Data cleaning
Making datasets less noisy to improve quality of translation.
Regular pipeline
Config setting:
use-opuscleaner: false
Dataset fixing
Some datasets require fixes like detokenization. Dataset and language specific fixes are implemented in https://github.com/mozilla/translations/tree/main/pipeline/clean/fixes. Naming convention:
<dataset_name>.sh
for parallel dataset cleaning<dataset_name>.<lang>.sh
for language specific cleaning of parallel or monolingual dataset/
in dataset name should be replaced with_
Cleaning scripts
Make sure the language is present in clean_parallel script.
Bicleaner
It is recommended to use Bicleaner ML models to filter noisy data. See the bicleaner documentation for more details on how to configure it.
OpusCleaner
Another option is to use an all-in-one cleaning tool OpusCleaner by HPLT project.
Config setting:
use-opuscleaner: "true"
To enable custom per-dataset filter configs add:
opuscleaner-mode: "custom"
Custom filter configs
The idea behind OpusCleaner is customizing filter rules for each language pair and dataset to get a training corpus with less noise and train higher quality translation models.

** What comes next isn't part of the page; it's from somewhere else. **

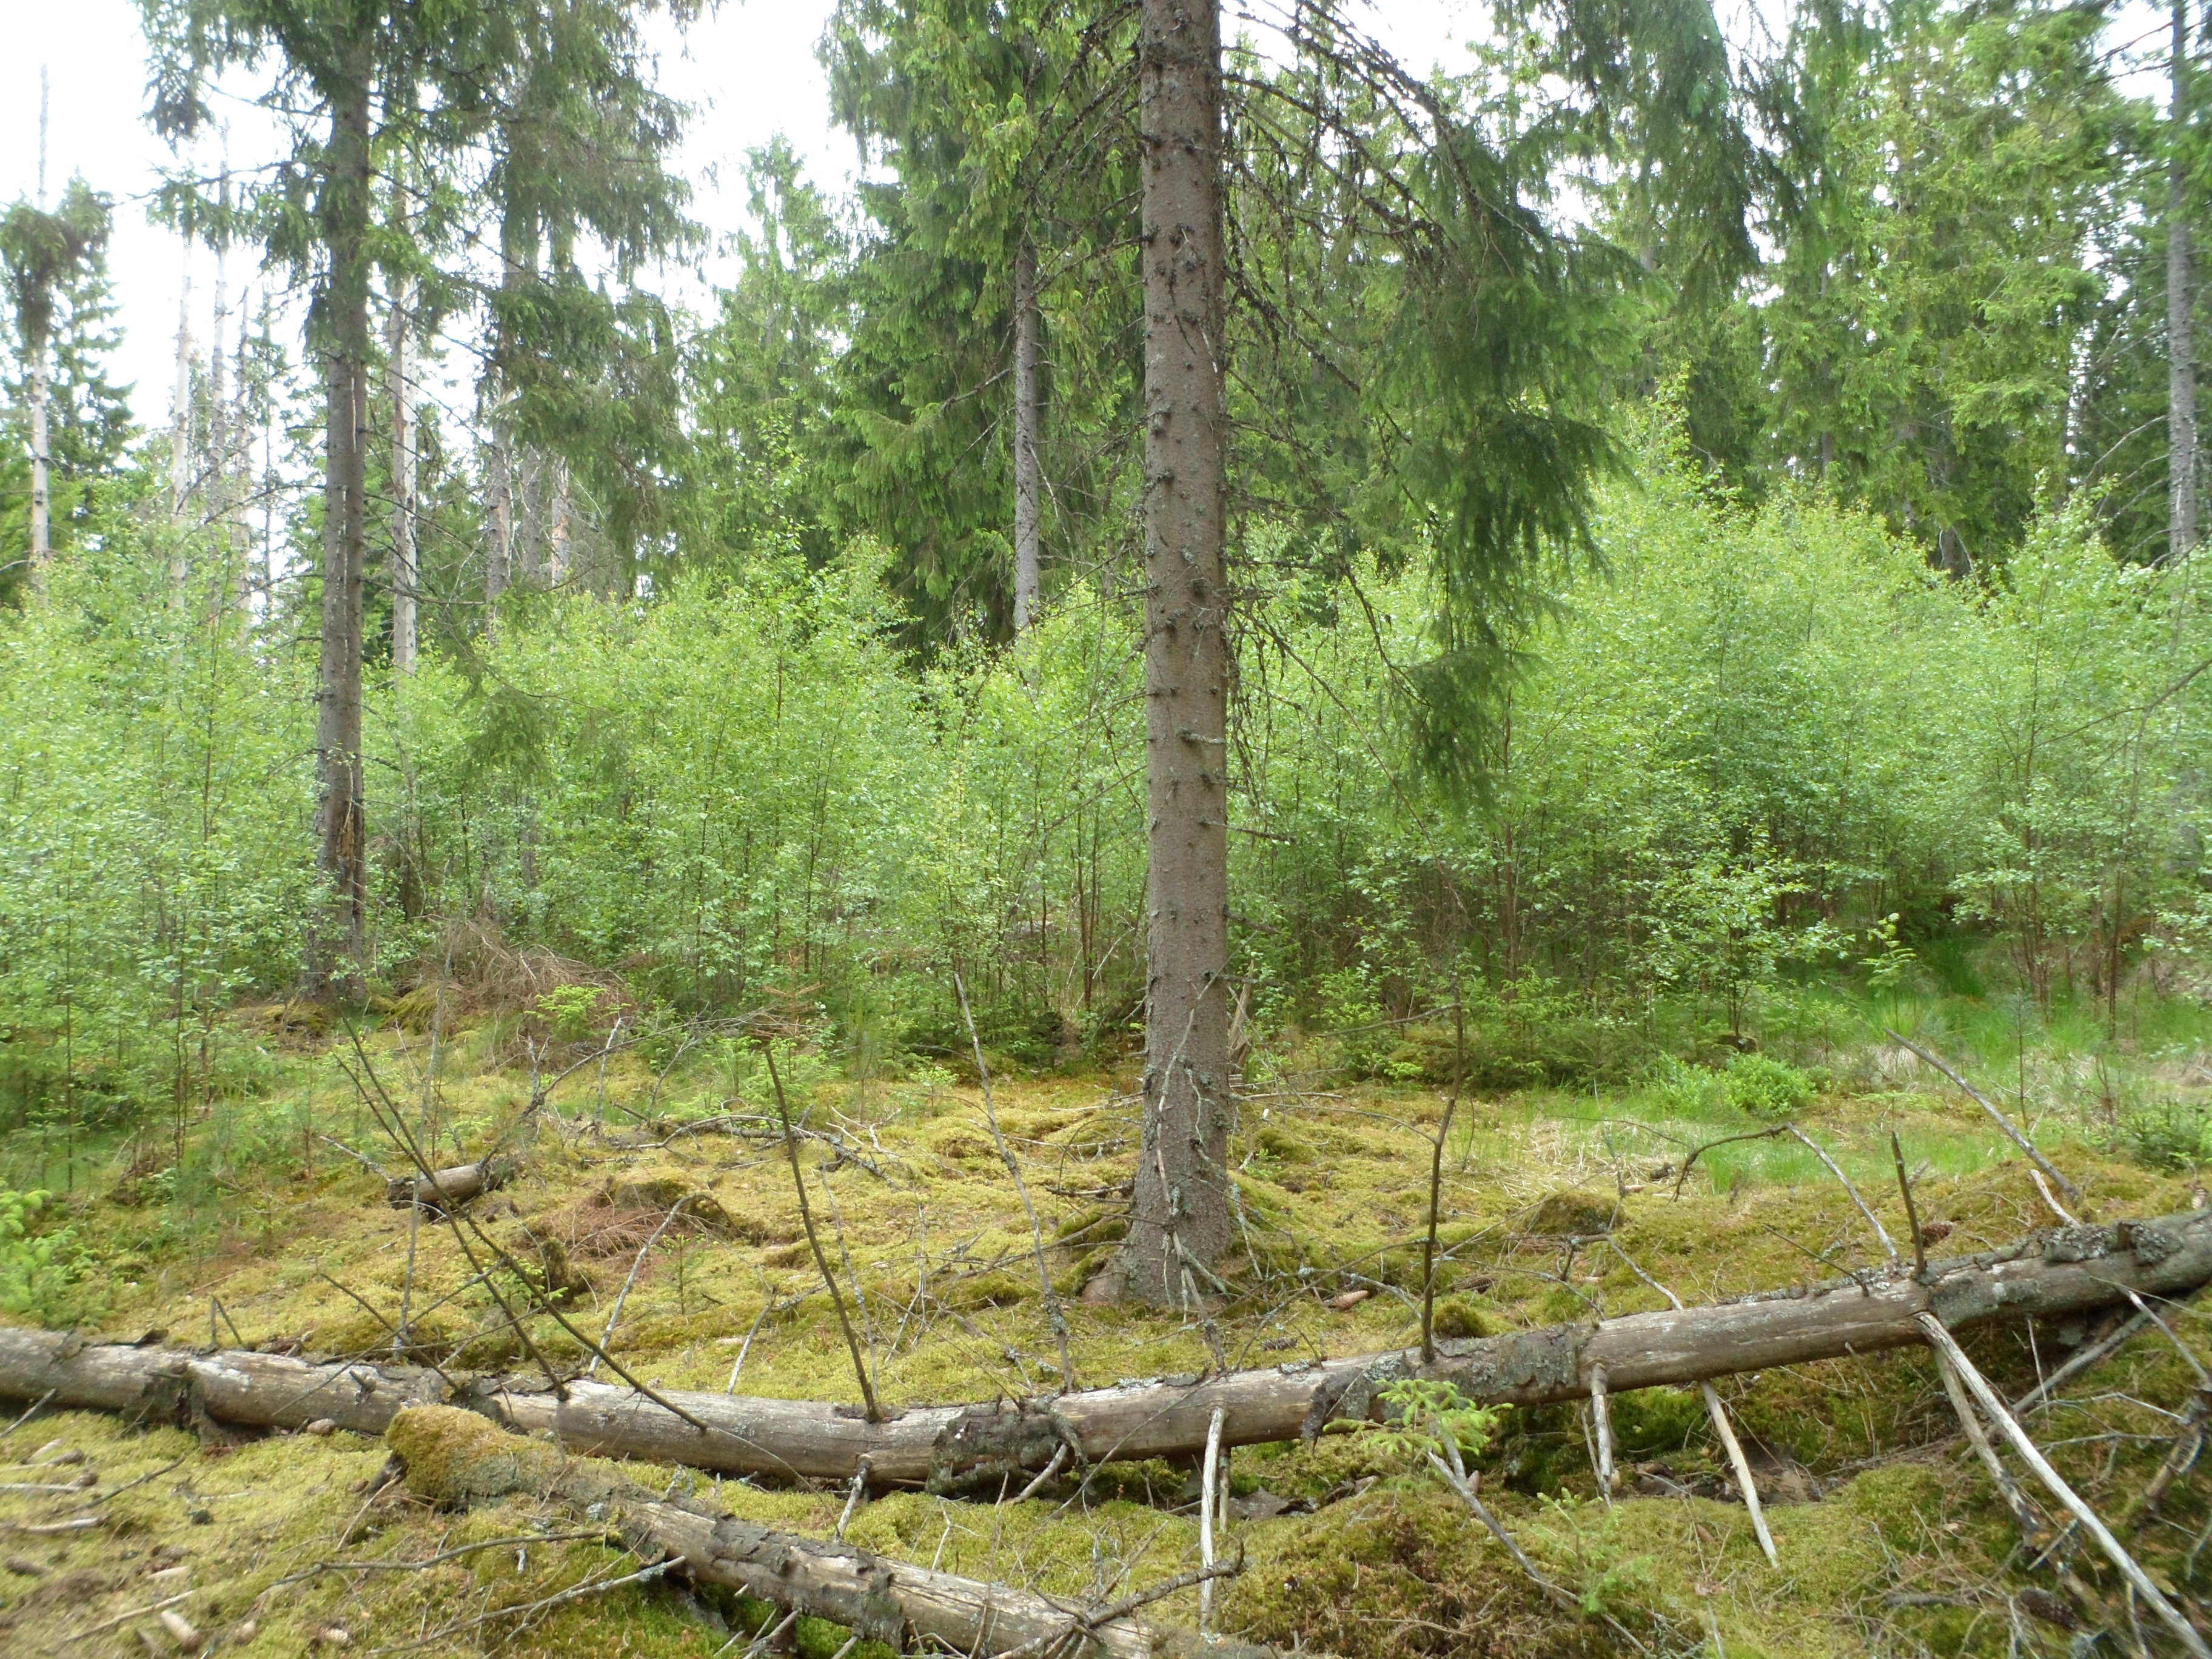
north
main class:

Filtering rules can be tuned in an interactive UI.
Installation
Install the OpusCleaner UI on a server. See the installation instructions in the OpusCleaner readme.
For local usage: run from a poetry shell task opuscleaner
. Then go to http://0.0.0.0:8000
.
Making filters
Choose a language pair and download the required OPUS datasets. They will correspond to opus_...
training datasets in the training pipeline config.
Configure cleaning rules for the datasets in the UI.
Copy JSON files for the produced filters data/train-parts/*.filter.json
to pipeline/clean/opuscleaner/configs/<src-lang-code>-<trg-lang-code>/
for langauge pair and dataset specific filters (such filters will also apply to the opposite langauge pair)
or to
pipeline/clean/opuscleaner/configs/
for dataset specific filters that will apply to all language pairs.
Make sure to replace the language codes to the template values <src>
and <trg>
. See examples in the directory.
Default config
If no custom config was specified for the dataset, the default config template will be used.
Modify if needed. Some rules require specifying source or target language. The <src>
and <trg>
in the template will be automatically replaced with the trained language pair. The generated default config will be copied to the target dataset cleaning directory.
Running
Enable OpusCleaner in the training pipeline config and run the pipeline as usual. OpusCleaner will replace the default clean-corpus script.